What you will do. Set every record down again exactly. Do not carry over the pictures.

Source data
++++++++

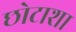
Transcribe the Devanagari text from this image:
छोटाशा
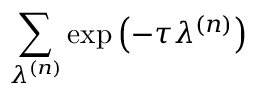
\sum _ { \lambda ^ { \left( n \right) } } \exp \left( - \tau \lambda ^ { \left( n \right) } \right)
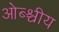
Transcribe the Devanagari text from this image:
ओब्श्चीय
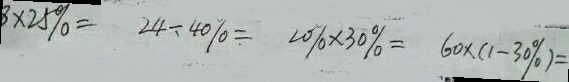
3 \times 2 5 \% = 2 4 \div 4 0 \% = 2 0 \% \times 3 0 \% = 6 0 \times ( 1 - 3 0 \% ) =
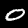
Label: 0
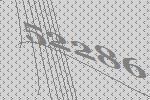
52286
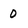
Character: 0
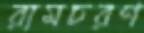
রামচরণ
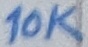
Text: 10K
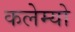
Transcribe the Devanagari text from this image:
कलेम्यो
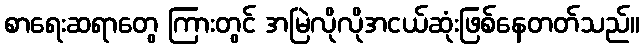
စာရေးဆရာတွေ ကြားတွင် အမြဲလိုလိုအငယ်ဆုံးဖြစ်နေတတ်သည်။
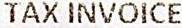
TAX INVOICE
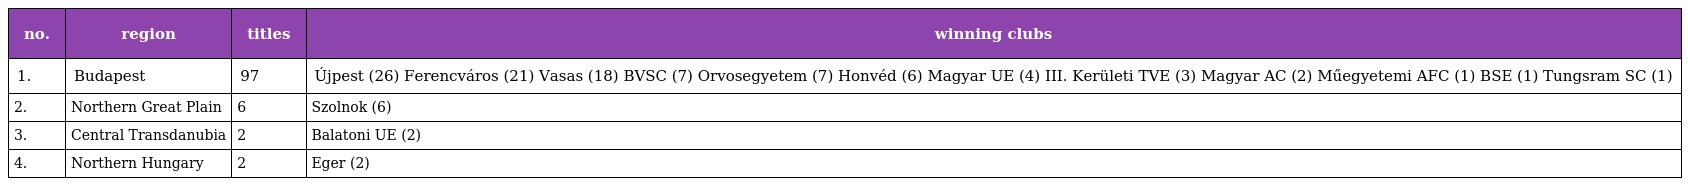
| no. | region | titles | winning clubs |
 | --- | --- | --- | --- |
 | 1. | Budapest | 97 | Újpest (26) Ferencváros (21) Vasas (18) BVSC (7) Orvosegyetem (7) Honvéd (6) Magyar UE (4) III. Kerületi TVE (3) Magyar AC (2) Műegyetemi AFC (1) BSE (1) Tungsram SC (1) |
 | 2. | Northern Great Plain | 6 | Szolnok (6) |
 | 3. | Central Transdanubia | 2 | Balatoni UE (2) |
 | 4. | Northern Hungary | 2 | Eger (2) |
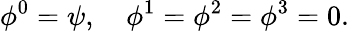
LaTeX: \phi^{0}=\psi,\quad\phi^{1}=\phi^{2}=\phi^{3}=0.
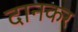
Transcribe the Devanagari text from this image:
दानकर
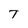
Character: T
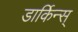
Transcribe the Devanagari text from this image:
डार्किन्स्
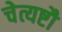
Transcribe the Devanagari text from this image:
चेत्यष्टौ
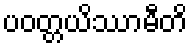
ပဝတ္တယိဿာမီတိ
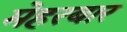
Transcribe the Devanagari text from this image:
मेहरबार
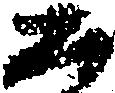
如
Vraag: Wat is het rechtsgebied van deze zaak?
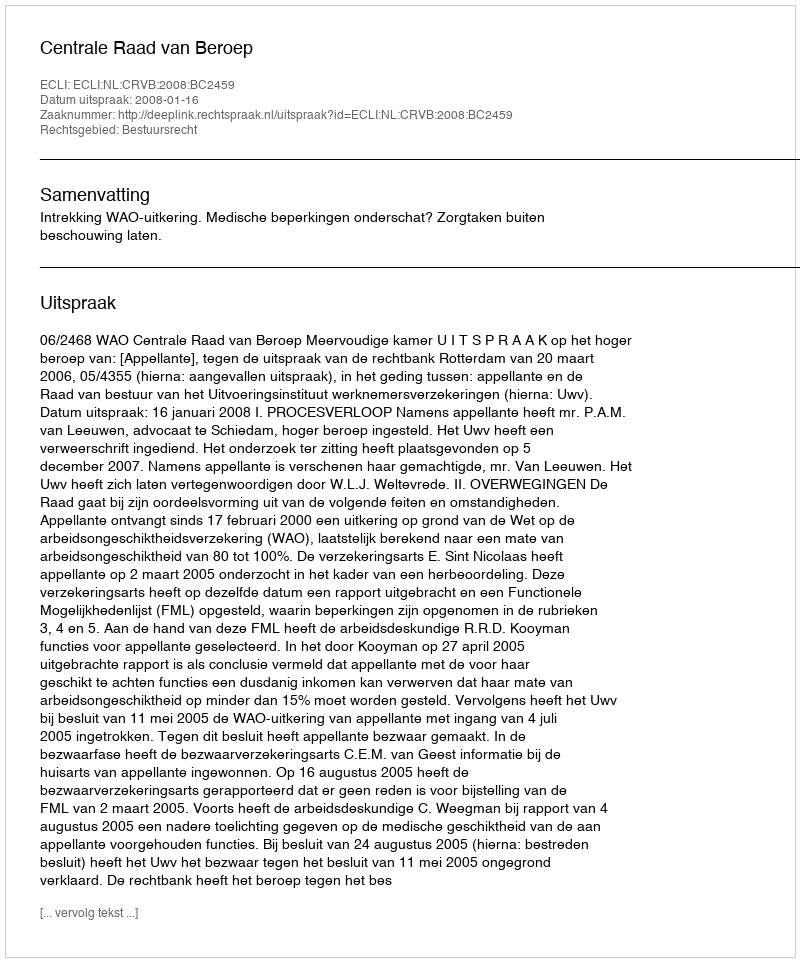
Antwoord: Bestuursrecht
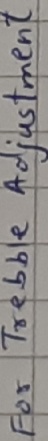
Text: For trebble adjustment
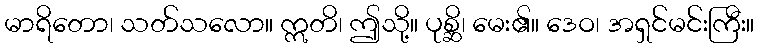
မာရိတော၊ သတ်သလော။ ဣတိ၊ ဤသို့။ ပုစ္ဆိ၊ မေး၏။ ဒေဝ၊ အရှင်မင်းကြီး။
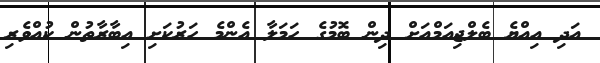
އަދި އިއްޔެ ބެލްޖިއަމްއަށް ދިން ބޮމުގެ ހަމަލާ އެންމެ ހަރުކަށި އިބާރާތުން ކުއްވެރި
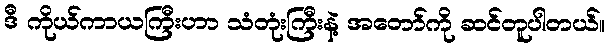
ဒီ ကိုယ်ကာယကြီးဟာ သံတုံးကြီးနဲ့ အတော်ကို ဆင်တူပါတယ်။
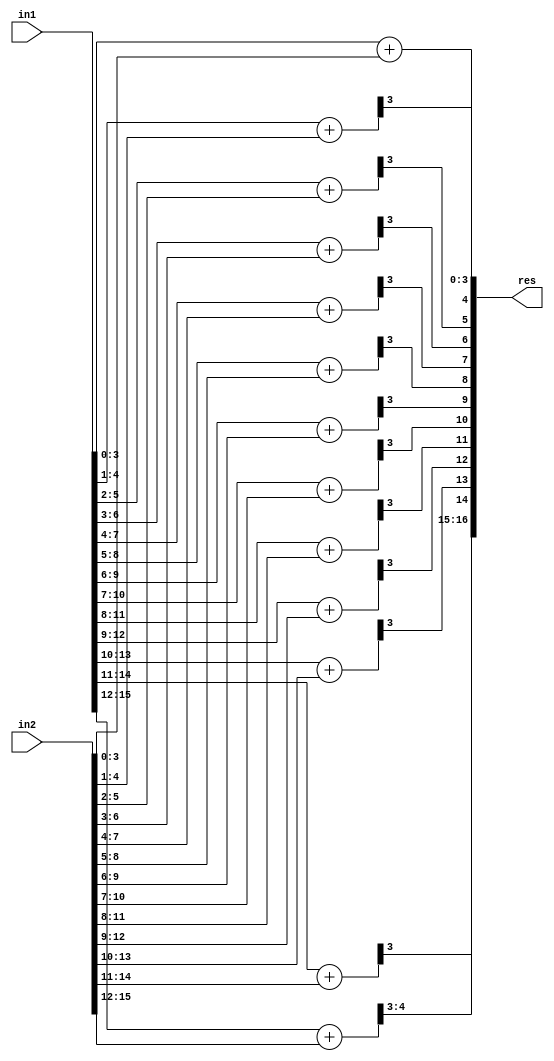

++++++++

Output below.
Transcribe the Devanagari text from this image:
छोटाशा
\sum _ { \lambda ^ { \left( n \right) } } \exp \left( - \tau \lambda ^ { \left( n \right) } \right)
Transcribe the Devanagari text from this image:
ओब्श्चीय
3 \times 2 5 \% = 2 4 \div 4 0 \% = 2 0 \% \times 3 0 \% = 6 0 \times ( 1 - 3 0 \% ) =
Label: 0
52286
Character: 0
রামচরণ
Text: 10K
Transcribe the Devanagari text from this image:
कलेम्यो
စာရေးဆရာတွေ ကြားတွင် အမြဲလိုလိုအငယ်ဆုံးဖြစ်နေတတ်သည်။
TAX INVOICE
| no. | region | titles | winning clubs |
 | --- | --- | --- | --- |
 | 1. | Budapest | 97 | Újpest (26) Ferencváros (21) Vasas (18) BVSC (7) Orvosegyetem (7) Honvéd (6) Magyar UE (4) III. Kerületi TVE (3) Magyar AC (2) Műegyetemi AFC (1) BSE (1) Tungsram SC (1) |
 | 2. | Northern Great Plain | 6 | Szolnok (6) |
 | 3. | Central Transdanubia | 2 | Balatoni UE (2) |
 | 4. | Northern Hungary | 2 | Eger (2) |
LaTeX: \phi^{0}=\psi,\quad\phi^{1}=\phi^{2}=\phi^{3}=0.
Transcribe the Devanagari text from this image:
दानकर
Character: T
Transcribe the Devanagari text from this image:
डार्किन्स्
Transcribe the Devanagari text from this image:
चेत्यष्टौ
ပဝတ္တယိဿာမီတိ
Transcribe the Devanagari text from this image:
मेहरबार
如
Vraag: Wat is het rechtsgebied van deze zaak?
Antwoord: Bestuursrecht
Text: For trebble adjustment
မာရိတော၊ သတ်သလော။ ဣတိ၊ ဤသို့။ ပုစ္ဆိ၊ မေး၏။ ဒေဝ၊ အရှင်မင်းကြီး။
އަދި އިއްޔެ ބެލްޖިއަމްއަށް ދިން ބޮމުގެ ހަމަލާ އެންމެ ހަރުކަށި އިބާރާތުން ކުއްވެރި
ဒီ ကိုယ်ကာယကြီးဟာ သံတုံးကြီးနဲ့ အတော်ကို ဆင်တူပါတယ်။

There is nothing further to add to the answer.